**Task to complete:** Of all the entries below, retype only the lines from the one with "#114 = DIRECTION" through the one with "#134 = AXIS2_PLACEMENT_3D", exactly as they appear.

----- The data

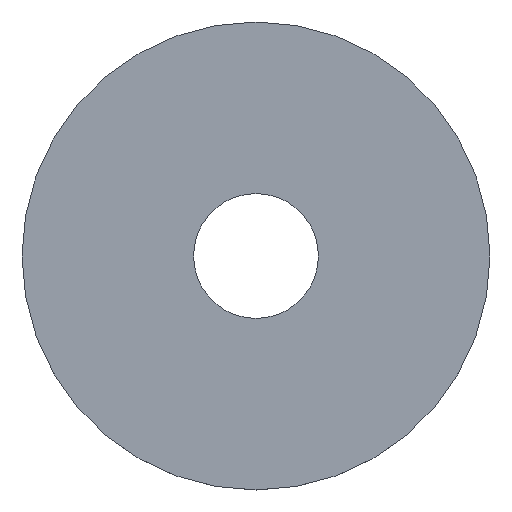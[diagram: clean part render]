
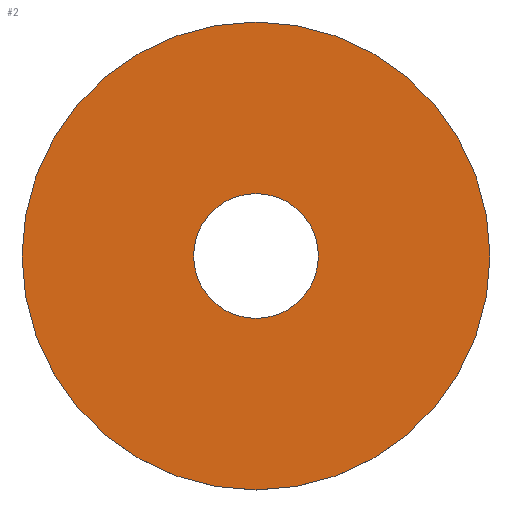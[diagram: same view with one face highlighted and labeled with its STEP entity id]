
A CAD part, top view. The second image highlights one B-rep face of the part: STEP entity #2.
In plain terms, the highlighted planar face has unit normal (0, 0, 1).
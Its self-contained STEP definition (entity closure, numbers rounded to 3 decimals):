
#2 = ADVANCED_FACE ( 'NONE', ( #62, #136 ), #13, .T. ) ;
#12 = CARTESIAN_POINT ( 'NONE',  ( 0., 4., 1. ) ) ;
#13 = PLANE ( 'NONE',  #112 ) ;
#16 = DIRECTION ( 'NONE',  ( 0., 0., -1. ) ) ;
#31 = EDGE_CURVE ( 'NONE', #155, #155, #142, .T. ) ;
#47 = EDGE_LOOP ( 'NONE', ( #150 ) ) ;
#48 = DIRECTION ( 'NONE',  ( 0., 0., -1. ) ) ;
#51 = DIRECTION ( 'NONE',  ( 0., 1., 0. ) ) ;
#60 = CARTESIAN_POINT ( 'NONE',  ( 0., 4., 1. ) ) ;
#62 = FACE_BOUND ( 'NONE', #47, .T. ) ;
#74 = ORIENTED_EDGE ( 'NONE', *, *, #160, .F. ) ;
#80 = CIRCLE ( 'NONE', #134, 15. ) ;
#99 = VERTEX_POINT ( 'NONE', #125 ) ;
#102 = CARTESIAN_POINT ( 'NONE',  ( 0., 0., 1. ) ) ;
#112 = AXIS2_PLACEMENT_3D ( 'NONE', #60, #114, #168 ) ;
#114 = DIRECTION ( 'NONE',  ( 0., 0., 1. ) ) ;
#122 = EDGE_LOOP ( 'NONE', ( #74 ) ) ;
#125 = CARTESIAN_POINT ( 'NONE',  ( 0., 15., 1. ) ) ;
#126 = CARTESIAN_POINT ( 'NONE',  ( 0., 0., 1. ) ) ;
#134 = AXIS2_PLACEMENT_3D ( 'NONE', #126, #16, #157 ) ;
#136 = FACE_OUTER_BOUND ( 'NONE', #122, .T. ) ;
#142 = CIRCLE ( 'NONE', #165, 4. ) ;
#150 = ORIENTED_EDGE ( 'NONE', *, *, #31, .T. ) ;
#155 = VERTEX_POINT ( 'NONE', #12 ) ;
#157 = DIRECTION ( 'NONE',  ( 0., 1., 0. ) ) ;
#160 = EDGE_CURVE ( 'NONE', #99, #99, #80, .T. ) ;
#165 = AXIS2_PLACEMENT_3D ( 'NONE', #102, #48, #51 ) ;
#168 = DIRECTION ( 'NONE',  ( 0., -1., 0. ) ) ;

----------
----- The data

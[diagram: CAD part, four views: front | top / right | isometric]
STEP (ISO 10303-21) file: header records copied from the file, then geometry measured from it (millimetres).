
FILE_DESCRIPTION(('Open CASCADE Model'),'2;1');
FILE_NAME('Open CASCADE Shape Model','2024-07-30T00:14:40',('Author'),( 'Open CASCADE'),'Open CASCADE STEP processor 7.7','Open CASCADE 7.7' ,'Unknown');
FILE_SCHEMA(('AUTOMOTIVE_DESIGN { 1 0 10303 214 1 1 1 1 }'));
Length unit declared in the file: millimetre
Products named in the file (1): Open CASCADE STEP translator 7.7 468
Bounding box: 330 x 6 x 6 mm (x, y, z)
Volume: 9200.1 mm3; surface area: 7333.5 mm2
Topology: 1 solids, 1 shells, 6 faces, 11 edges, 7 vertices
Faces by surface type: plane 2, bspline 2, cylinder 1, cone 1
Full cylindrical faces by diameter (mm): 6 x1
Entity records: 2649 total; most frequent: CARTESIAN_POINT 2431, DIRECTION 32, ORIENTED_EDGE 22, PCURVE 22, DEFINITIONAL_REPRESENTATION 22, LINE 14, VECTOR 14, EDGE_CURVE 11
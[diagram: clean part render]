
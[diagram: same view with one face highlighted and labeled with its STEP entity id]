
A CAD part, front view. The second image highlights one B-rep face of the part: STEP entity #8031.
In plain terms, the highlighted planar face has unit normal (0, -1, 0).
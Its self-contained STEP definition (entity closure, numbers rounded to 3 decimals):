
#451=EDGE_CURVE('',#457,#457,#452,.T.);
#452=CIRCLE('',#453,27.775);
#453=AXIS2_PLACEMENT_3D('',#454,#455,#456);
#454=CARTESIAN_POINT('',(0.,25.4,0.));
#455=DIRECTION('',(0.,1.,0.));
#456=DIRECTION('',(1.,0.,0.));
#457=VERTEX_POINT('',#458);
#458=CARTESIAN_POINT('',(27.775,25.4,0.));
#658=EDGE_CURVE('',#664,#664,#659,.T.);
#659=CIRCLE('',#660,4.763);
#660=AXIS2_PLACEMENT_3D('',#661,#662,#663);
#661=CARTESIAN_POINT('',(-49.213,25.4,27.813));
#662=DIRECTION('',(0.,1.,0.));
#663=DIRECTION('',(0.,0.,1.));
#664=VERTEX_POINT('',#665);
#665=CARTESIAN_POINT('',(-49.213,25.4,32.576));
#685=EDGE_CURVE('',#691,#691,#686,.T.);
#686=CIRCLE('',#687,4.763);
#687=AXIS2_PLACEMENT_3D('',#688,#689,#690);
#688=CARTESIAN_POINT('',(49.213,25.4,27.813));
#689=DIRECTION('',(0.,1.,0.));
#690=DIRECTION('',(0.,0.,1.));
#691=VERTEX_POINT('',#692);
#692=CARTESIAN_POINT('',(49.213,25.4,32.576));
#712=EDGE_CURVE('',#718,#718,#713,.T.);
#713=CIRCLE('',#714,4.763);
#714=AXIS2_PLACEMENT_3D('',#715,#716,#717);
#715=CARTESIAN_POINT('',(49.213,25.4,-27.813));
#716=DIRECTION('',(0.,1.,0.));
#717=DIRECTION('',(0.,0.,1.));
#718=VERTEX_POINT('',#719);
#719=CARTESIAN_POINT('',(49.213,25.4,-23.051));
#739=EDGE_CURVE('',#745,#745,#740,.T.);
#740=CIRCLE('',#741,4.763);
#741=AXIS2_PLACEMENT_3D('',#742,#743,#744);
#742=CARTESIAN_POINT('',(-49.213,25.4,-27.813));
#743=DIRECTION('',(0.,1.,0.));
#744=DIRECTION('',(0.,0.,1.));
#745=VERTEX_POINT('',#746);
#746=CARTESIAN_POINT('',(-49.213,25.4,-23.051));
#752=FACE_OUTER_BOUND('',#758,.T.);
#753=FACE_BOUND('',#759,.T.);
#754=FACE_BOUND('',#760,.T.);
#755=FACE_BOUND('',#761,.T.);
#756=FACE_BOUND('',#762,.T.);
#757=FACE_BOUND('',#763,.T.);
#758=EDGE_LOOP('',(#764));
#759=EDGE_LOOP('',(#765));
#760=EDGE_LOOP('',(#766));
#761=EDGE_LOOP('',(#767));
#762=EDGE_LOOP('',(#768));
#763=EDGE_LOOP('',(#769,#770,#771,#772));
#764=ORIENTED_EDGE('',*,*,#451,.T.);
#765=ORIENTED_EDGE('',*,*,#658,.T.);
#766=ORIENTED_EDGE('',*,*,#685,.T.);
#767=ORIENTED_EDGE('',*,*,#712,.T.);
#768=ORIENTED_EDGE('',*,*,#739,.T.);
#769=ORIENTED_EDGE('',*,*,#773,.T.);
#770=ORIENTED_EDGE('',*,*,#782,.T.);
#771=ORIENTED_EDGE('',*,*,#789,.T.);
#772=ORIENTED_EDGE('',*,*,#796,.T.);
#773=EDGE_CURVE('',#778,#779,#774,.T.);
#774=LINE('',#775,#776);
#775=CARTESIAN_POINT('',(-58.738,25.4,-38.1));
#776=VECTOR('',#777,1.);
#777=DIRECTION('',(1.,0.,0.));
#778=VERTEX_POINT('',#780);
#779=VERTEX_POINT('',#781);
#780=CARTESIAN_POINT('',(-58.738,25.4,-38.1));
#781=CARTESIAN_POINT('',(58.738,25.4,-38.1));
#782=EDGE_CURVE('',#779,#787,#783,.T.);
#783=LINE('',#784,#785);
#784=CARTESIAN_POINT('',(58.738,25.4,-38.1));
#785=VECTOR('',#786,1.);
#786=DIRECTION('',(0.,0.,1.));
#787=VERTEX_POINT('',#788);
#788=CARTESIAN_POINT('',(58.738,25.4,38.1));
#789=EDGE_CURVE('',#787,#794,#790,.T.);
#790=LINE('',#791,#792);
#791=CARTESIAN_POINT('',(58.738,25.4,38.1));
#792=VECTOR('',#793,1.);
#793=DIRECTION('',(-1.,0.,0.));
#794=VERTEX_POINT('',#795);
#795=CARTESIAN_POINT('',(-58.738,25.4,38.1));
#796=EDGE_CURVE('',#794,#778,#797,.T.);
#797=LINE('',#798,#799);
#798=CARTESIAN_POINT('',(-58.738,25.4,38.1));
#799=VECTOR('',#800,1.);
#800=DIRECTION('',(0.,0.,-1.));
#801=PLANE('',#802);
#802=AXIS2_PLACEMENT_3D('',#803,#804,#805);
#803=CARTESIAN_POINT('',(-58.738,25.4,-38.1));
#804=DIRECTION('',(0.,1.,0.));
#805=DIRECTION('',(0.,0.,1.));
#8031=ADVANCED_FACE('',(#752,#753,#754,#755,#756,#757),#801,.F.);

----------

**Problem solution:**
#114 = DIRECTION ( 'NONE',  ( 0., 0., 1. ) ) ;
#122 = EDGE_LOOP ( 'NONE', ( #74 ) ) ;
#125 = CARTESIAN_POINT ( 'NONE',  ( 0., 15., 1. ) ) ;
#126 = CARTESIAN_POINT ( 'NONE',  ( 0., 0., 1. ) ) ;
#134 = AXIS2_PLACEMENT_3D ( 'NONE', #126, #16, #157 ) ;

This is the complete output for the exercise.